| Activity |
Print the records below exactly, starting at the first line and stopping after the line that contains "The image shows 35". Leave out any pictures.

------------------------------------------------

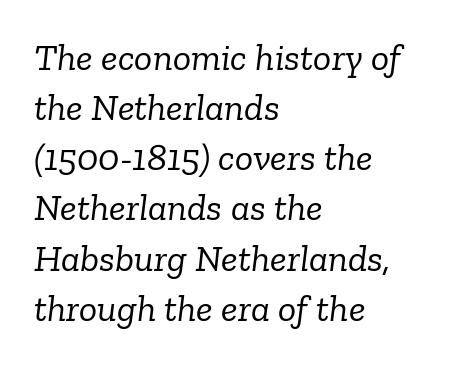
The words here are not underlined. Each letter's strokes conclude with small projecting serifs. Is this a fixed-width face? No — the glyphs have proportional, varying widths. A quiet, ordinary-to-light weight characterises the typeface. The rendering keeps characters at their native spacing. If you drew a ruler down the left edge, every line would touch it.
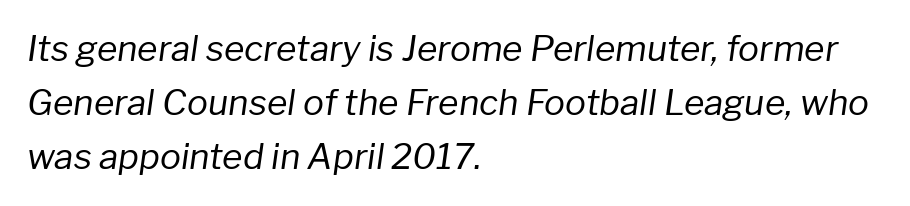
The image shows 35 px regular-weight type, italic (leaning right); set left-aligned, normal line spacing (1.55x), normal letter spacing, not underlined; low stroke contrast and a medium x-height.
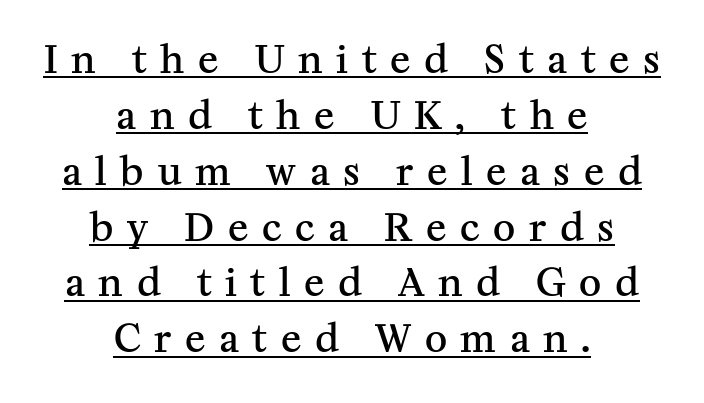
The image shows 38 px semibold serif type, upright; set centered, normal line spacing (1.47x), unusually wide letter spacing (+0.36 em), underlined; medium stroke contrast and a medium x-height.
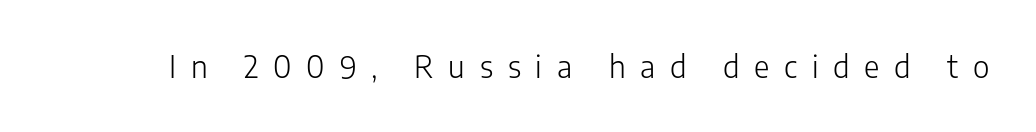
The image shows 30 px light sans-serif type, upright; set unusually wide letter spacing (+0.49 em), not underlined; low stroke contrast and a medium x-height.
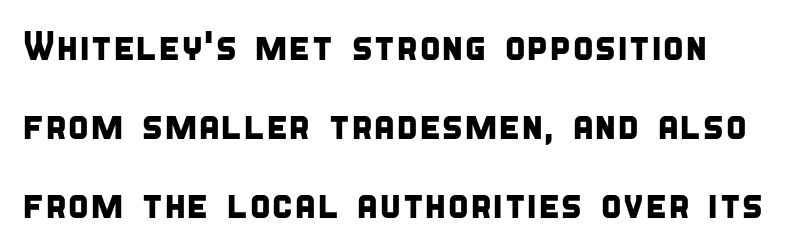
{"serif": "no", "width": "condensed", "stroke_contrast": "low", "x_height": "large", "monospaced": "no", "underline": "no", "align": "left", "line_spacing": "loose", "line_spacing_ratio": 1.98, "letter_spacing": "normal", "letter_spacing_em": 0.0, "glyph_px": 40}
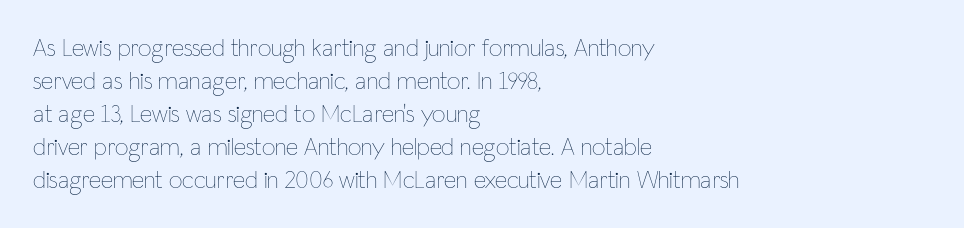
The image shows 24 px text type, upright; set left-aligned, normal line spacing (1.37x), normal letter spacing, not underlined.
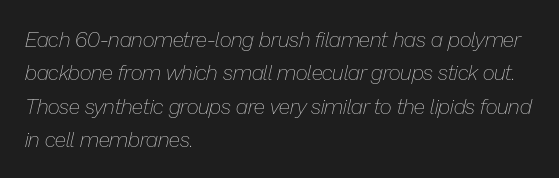
{"italic": "yes", "lean": "right", "slant_degrees": 13, "bold": "no", "underline": "no", "align": "left", "line_spacing": "normal", "line_spacing_ratio": 1.59, "letter_spacing": "normal", "letter_spacing_em": 0.0, "glyph_px": 21}
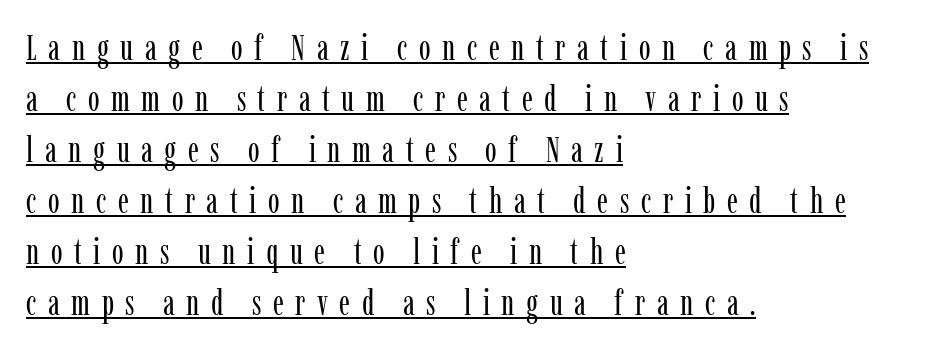
{"serif": "yes", "italic": "no", "bold": "no", "weight": "regular", "width": "condensed", "stroke_contrast": "low", "x_height": "medium", "monospaced": "no", "underline": "yes", "align": "left", "line_spacing": "normal", "line_spacing_ratio": 1.46, "letter_spacing": "wide", "letter_spacing_em": 0.33, "glyph_px": 35}
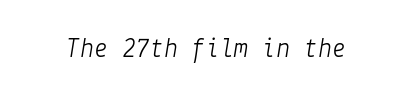
Letters rest on an invisible, unmarked baseline. The weight tops out at a normal text grade. There is no visible air inserted between adjacent glyphs. The lettering tilts uniformly, giving the passage an italic look.
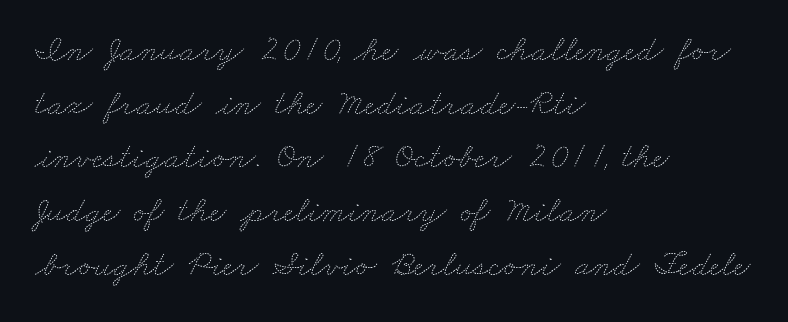
Q: Is the text bold? A: No.
Q: Is the text underlined? A: No.
Q: How is the paragraph aligned? A: Left-aligned.
Q: Is the spacing between letters normal or unusually wide? A: Normal.
Q: Is the spacing between lines tight, normal or loose? A: Normal.
Q: Width (condensed, normal, or wide)? A: Wide.
Q: Stroke contrast? A: Medium.
Q: x-height? A: Small.
Q: Monospaced? A: No.
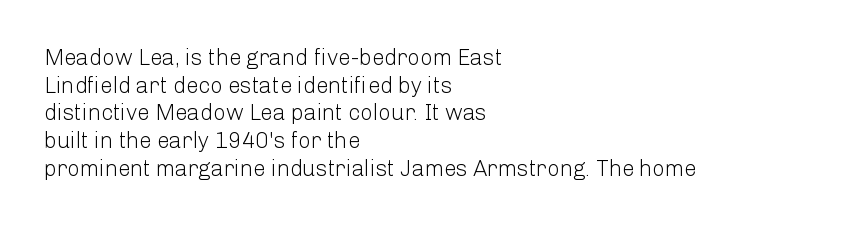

------------------------------------------------

| Exercise response |
The words here are not underlined. Each letter's strokes conclude with small projecting serifs. Is this a fixed-width face? No — the glyphs have proportional, varying widths. A quiet, ordinary-to-light weight characterises the typeface. The rendering keeps characters at their native spacing. If you drew a ruler down the left edge, every line would touch it.
The image shows 35 px regular-weight type, italic (leaning right); set left-aligned, normal line spacing (1.55x), normal letter spacing, not underlined; low stroke contrast and a medium x-height.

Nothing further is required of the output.